### Exercise instructions:
Copy without pictures. Please restate each line of the listing exactly.

### Entries supplied:
########################################

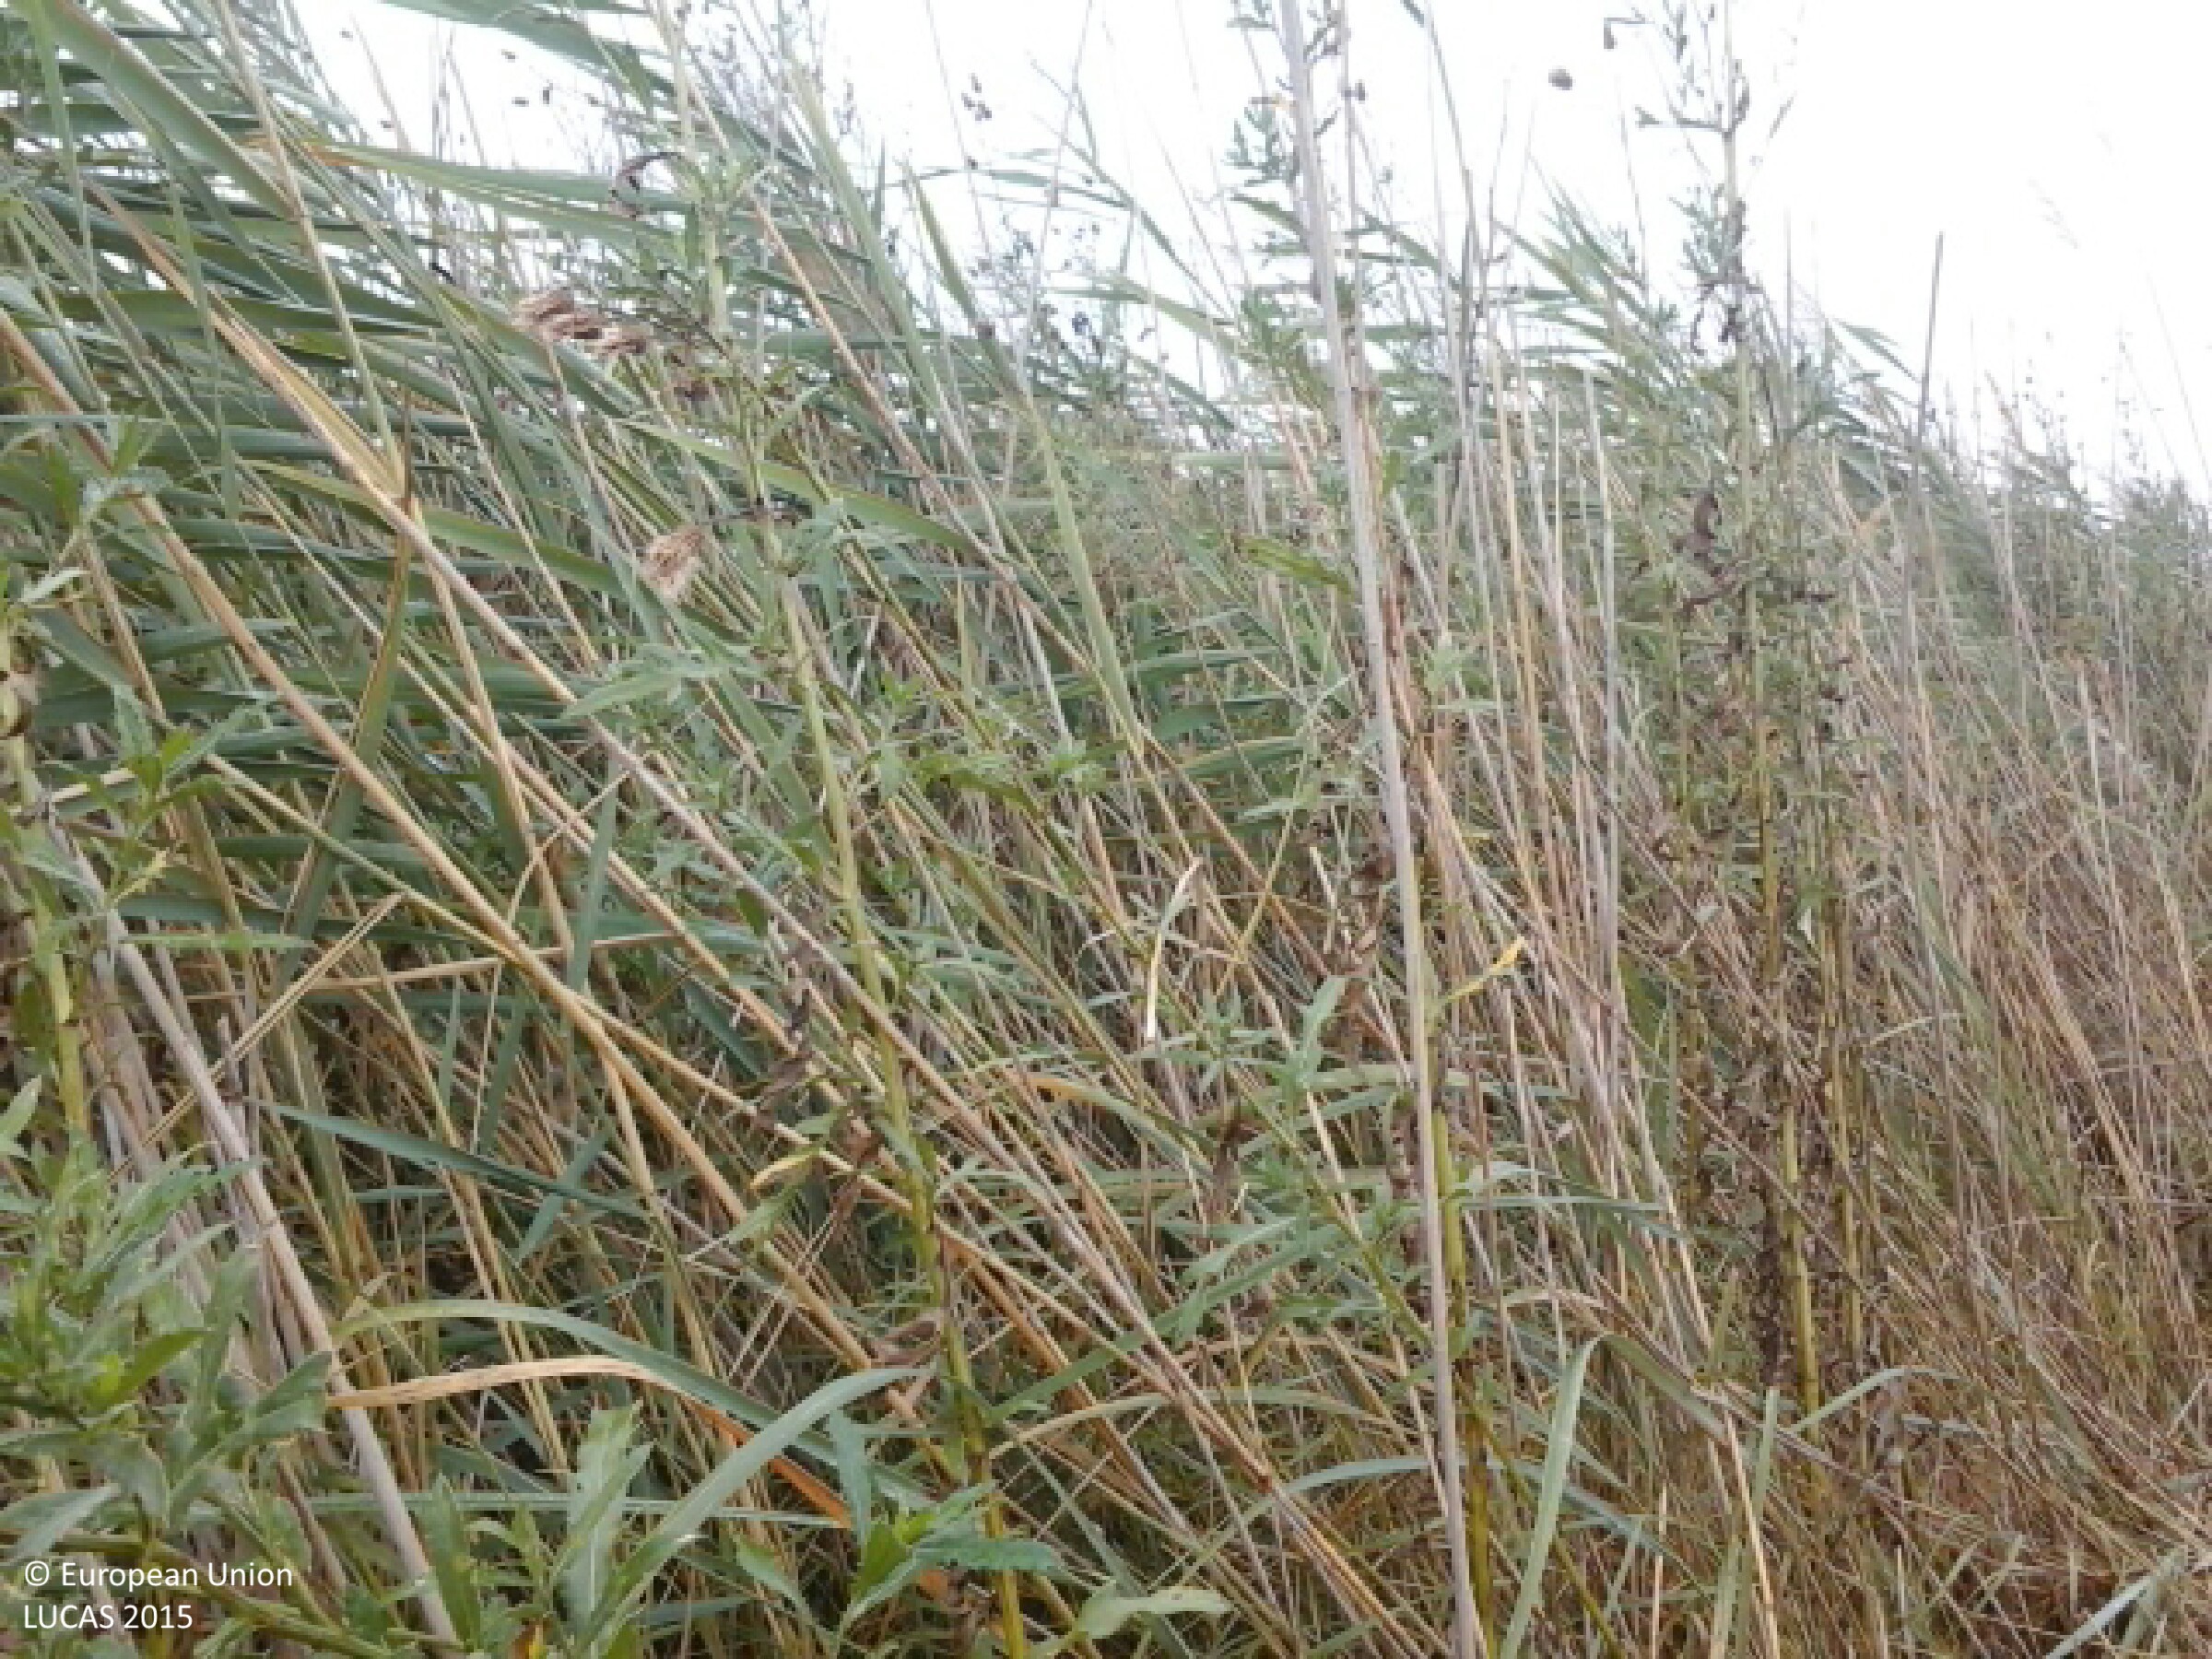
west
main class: Grassland
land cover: Grassland without tree/shrub cover
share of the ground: > 75 %
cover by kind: herbaceous plants 100 %
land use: Agriculture (excluding fallow land and kitchen gardens)
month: August
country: HU
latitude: 48.0390
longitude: 21.4861
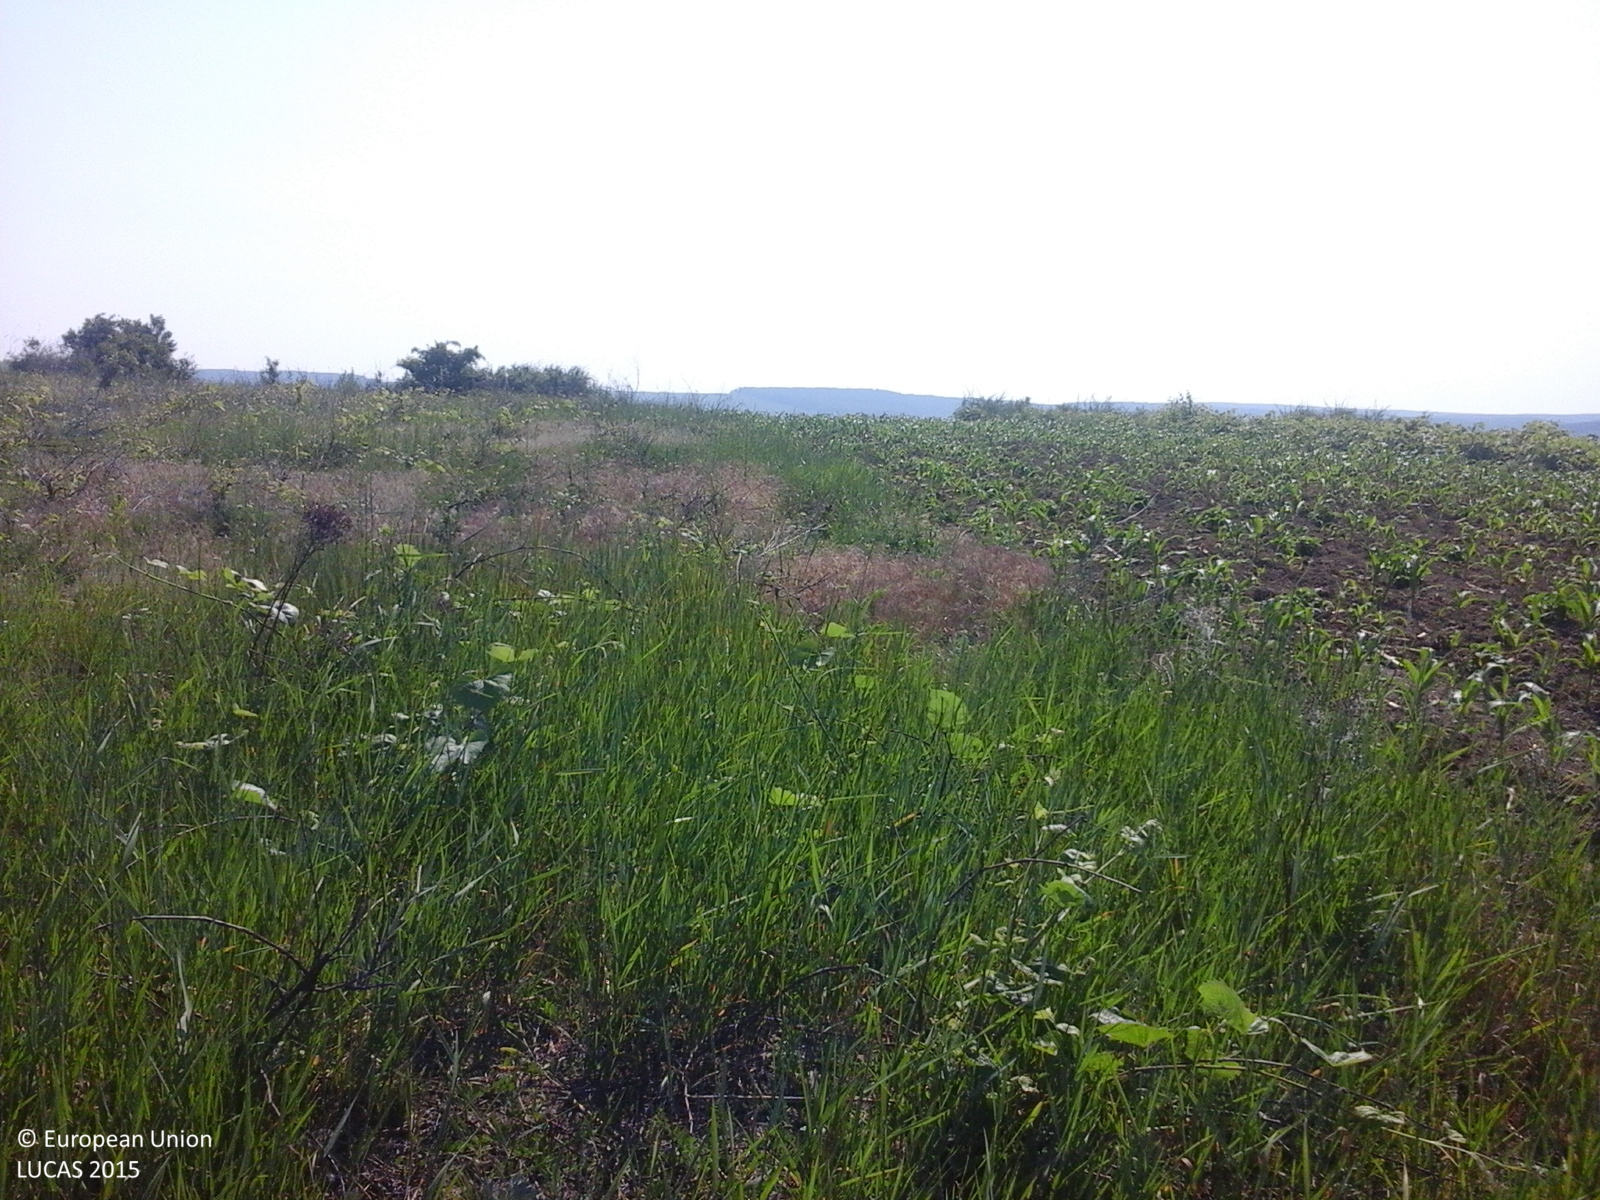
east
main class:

########################################

### Response below:
west
main class: Grassland
land cover: Grassland without tree/shrub cover
share of the ground: > 75 %
cover by kind: herbaceous plants 100 %
land use: Agriculture (excluding fallow land and kitchen gardens)
month: August
country: HU
latitude: 48.0390
longitude: 21.4861
east
main class:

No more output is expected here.